# [Task details]
For the data below, please report each line where the word "signal" is found.

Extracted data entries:
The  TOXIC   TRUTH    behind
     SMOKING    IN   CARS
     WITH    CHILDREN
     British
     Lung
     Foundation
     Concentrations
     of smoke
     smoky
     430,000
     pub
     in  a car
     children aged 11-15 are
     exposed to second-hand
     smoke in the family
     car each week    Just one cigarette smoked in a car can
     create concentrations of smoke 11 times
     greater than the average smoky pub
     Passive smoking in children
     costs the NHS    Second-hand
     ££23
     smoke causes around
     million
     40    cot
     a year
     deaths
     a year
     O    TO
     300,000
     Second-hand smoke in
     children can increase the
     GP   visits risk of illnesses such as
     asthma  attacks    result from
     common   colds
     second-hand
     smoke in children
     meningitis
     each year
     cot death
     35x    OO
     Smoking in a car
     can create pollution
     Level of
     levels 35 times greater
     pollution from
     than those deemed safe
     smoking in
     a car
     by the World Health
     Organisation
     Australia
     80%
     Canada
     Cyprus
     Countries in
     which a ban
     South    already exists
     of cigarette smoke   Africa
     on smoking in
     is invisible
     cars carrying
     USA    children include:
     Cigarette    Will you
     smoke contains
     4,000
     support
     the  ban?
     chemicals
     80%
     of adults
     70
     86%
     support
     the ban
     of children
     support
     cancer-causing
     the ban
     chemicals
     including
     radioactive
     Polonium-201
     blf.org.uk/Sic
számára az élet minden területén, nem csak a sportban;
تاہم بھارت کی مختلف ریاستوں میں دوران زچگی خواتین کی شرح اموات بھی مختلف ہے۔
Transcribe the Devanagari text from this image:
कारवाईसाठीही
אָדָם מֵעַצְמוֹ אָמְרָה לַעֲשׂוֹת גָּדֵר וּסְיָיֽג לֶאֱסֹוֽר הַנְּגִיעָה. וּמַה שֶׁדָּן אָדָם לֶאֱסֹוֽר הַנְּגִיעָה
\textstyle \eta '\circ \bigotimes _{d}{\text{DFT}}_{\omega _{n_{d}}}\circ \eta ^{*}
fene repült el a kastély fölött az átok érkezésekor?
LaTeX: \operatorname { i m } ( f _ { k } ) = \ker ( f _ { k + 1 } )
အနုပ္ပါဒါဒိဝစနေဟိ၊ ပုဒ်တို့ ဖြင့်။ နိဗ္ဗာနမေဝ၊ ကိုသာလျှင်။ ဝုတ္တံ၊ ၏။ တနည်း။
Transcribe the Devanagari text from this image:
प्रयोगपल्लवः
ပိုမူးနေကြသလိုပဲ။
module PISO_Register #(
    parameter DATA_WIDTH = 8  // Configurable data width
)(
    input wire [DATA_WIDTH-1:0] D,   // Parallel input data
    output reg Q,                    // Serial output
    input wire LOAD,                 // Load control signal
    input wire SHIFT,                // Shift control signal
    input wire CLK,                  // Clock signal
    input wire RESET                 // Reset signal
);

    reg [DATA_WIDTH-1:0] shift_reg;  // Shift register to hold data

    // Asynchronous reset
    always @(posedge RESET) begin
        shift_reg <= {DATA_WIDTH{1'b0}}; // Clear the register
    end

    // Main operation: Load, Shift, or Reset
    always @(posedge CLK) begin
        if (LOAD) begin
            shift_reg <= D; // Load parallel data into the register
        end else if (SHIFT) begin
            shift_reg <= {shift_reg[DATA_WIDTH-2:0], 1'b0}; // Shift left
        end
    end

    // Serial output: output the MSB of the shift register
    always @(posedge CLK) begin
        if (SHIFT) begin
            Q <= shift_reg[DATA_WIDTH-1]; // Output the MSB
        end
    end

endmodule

# [Written response]
    input wire LOAD,                 // Load control signal
    input wire SHIFT,                // Shift control signal
    input wire CLK,                  // Clock signal
    input wire RESET                 // Reset signal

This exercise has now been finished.